Earthdata Search is a web application developed by NASA EOSDIS to enable data discovery, search, comparison, visualization, and access across EOSDIS' Earth Science data holdings. It builds upon several public-facing services provided by EOSDIS, including the Common Metadata Repository (CMR) for data discovery and access, EOSDIS Earthdata Login (EDL) authentication, the Global Imagery Browse Services (GIBS) for visualization, and a number of OPeNDAP services hosted by data providers.
Copyright © 2007-2024 United States Government as represented by the Administrator of the National Aeronautics and Space Administration. All Rights Reserved.
Licensed under the Apache License, Version 2.0 (the "License"); you may not use this file except in compliance with the License. You may obtain a copy of the License at
http://www.apache.org/licenses/LICENSE-2.0
Unless required by applicable law or agreed to in writing, software distributed under the License is distributed on an "AS IS" BASIS, WITHOUT WARRANTIES OR CONDITIONS OF ANY KIND, either express or implied. See the License for the specific language governing permissions and limitations under the License.
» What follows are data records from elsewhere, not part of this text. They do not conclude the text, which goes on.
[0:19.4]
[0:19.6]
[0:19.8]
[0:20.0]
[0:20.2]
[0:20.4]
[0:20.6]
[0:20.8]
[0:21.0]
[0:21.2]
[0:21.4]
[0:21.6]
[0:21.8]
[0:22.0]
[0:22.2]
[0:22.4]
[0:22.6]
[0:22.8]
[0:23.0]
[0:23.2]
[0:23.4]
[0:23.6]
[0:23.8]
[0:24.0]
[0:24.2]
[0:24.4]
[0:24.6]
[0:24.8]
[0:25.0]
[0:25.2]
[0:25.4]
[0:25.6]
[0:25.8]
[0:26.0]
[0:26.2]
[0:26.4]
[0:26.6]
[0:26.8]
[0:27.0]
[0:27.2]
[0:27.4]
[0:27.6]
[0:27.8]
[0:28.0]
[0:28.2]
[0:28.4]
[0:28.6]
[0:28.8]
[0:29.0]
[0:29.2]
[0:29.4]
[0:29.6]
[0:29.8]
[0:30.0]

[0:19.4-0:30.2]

The Earthdata Search application uses NodeJS and Vite to generate static assets. The serverless application utilizes the following AWS services (important to note if deploying to an AWS environment):
- S3
- We highly recommend using CloudFront in front of S3.
- SQS
- Step Functions
- API Gateway
- Lambda
- Cloudwatch (Events)
We recommend using Node Version Manager (NVM) to manage your NodeJS install. Use the shell integration to automatically switch Node versions.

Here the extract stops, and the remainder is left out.